Many modern people, especially members of Western cultures, might bristle at the idea of arranged marriages. But marriage arrangements are still common in many parts of the world. In those cultures, there’s logic to that. It’s believed that parents have their children’s best interests in mind, and are more mature. Who better to guide the choice of marriage partner?

Of course, not all parents do have their children’s best interests at heart, and they aren’t always mature. Still, as Poirot points out, there’s more to a good marriage than just emotions and romance (not, of course, that they don’t matter). So even in cultures where marriages aren’t formally arranged by the families, parents often weigh in on their children’s choices of partner. Caring parents want their children to make wise choices.

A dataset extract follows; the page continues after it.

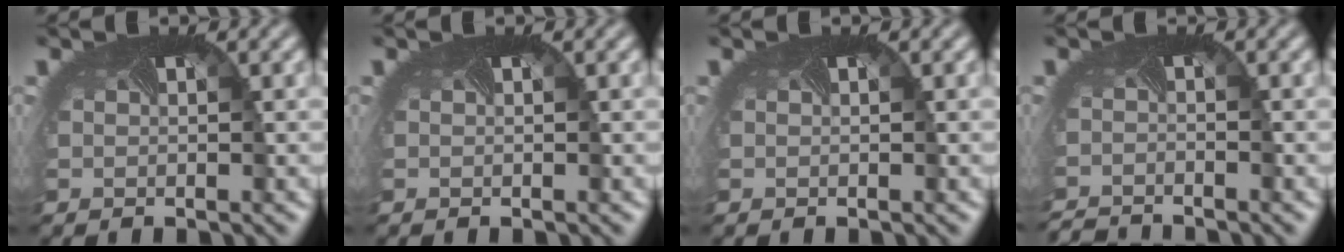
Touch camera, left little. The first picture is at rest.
{"total": 0.0}
{"total": 0.0}
{"total": 2.9, "force": [-2.9, -0.3, -0.1], "torque": [-0.009, -0.024, -0.056]}

Arranged marriages have been a part of many societies for a long time, too, and certainly a part of crime fiction. For example, Robert van Gulik’s sleuth is Dee Jen-djieh, usually known as Judge Dee, who serves as Magistrate for the district of Lan-Fang, in the northwest of China. Judge Dee has three wives, a not-uncommon practice during the Tang Dynasty in which he lives. His marriage to his first (senior) wife was arranged by their families. He’s chosen his other two wives. And the custom of families arranging marriages is woven throughout the Judge Dee stories. It’s sometimes a very elaborate process, with ritual visits and gifts and planning.

In one plot thread of Ruth Rendell’s The Monster in the Box, Inspector Hannah Goldsmith is faced with a difficult case. She’s been assigned to find out the truth about sixteen-year-old Tamima Rahman, whose parents are recent émigrés from Pakistan. It’s suspected that Tamima was coerced into a marriage against her will – a marriage arranged by her family. On the one hand, Goldsmith is not alone in her belief that sixteen-year-olds are too young to marry, whether or not it’s their choice. On the other hand, as the Rahman family reminds her, every culture is different, and it’s risky to make judgements about other belief systems. As Goldsmith works to find Tamima and sort out the truth about this marriage, she also has to confront her own assumptions.

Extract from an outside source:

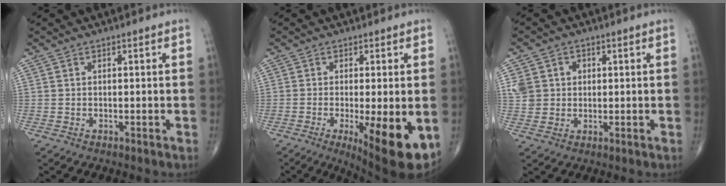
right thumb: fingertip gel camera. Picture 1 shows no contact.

That’s also the case in Rhys Bowen’s Evanly Bodies. In one plot thread, Constable Evan Evans has to deal with greatly increased tensions in the town of Llanfair. The Khan family moved there not long ago and no-one is really comfortable about it. The Khans are Pakistani, and the locals are not accustomed to their traditions. For their part, the Khans have been treated with enough bigotry that they don’t trust anyone. One day though, sixteen-year-old Jamila Khan helps Evans’ wife Bronwen with groceries, and the two strike up a friendship. So when Jamila disappears, Bronwen is especially worried, and urges her husband to look into the matter. It’s believed that the girl went into hiding to avoid being sent back to Pakistan for an arranged wedding. At first, the Khan family blames Bronwen for interfering and accuses her of shielding Jamila. And even after it becomes clear that Bronwen had nothing to do with the girl’s disappearance, the Khans still believe that their customs and traditions are being disregarded. To them, there’s nothing wrong with ensuring that Jamila will have a solid marriage to someone of their own culture. There’s of course more to this mystery than that question, but it forms an interesting thread throughout the novel.

Arranged marriages are also a part of modern life in India. A former colleague told me that, in her experience, it’s not that today’s young people have absolutely no say in their partners. But parents often do guide their choices. For example, parents may consult astrologists to find out the best sort of match for their child. They also put out personal advertisements in papers, and participate in ‘vetting’ marriage candidates. They get involved in other ways too. Once the spouse-to-be is chosen, both families make arrangements for the wedding. We see this process in Tarquin Hall’s The Case of the Missing Servant, which introduces Delhi private investigator Vishwas ‘Vish’ Puri. His ‘bread and butter’ is background checks on future spouses. Families pay his agency to find out everything possible about a likely marriage candidate before the final wedding agreement is made. In this novel, Puri’s involved in a few such background checks, and they lead to some interesting findings.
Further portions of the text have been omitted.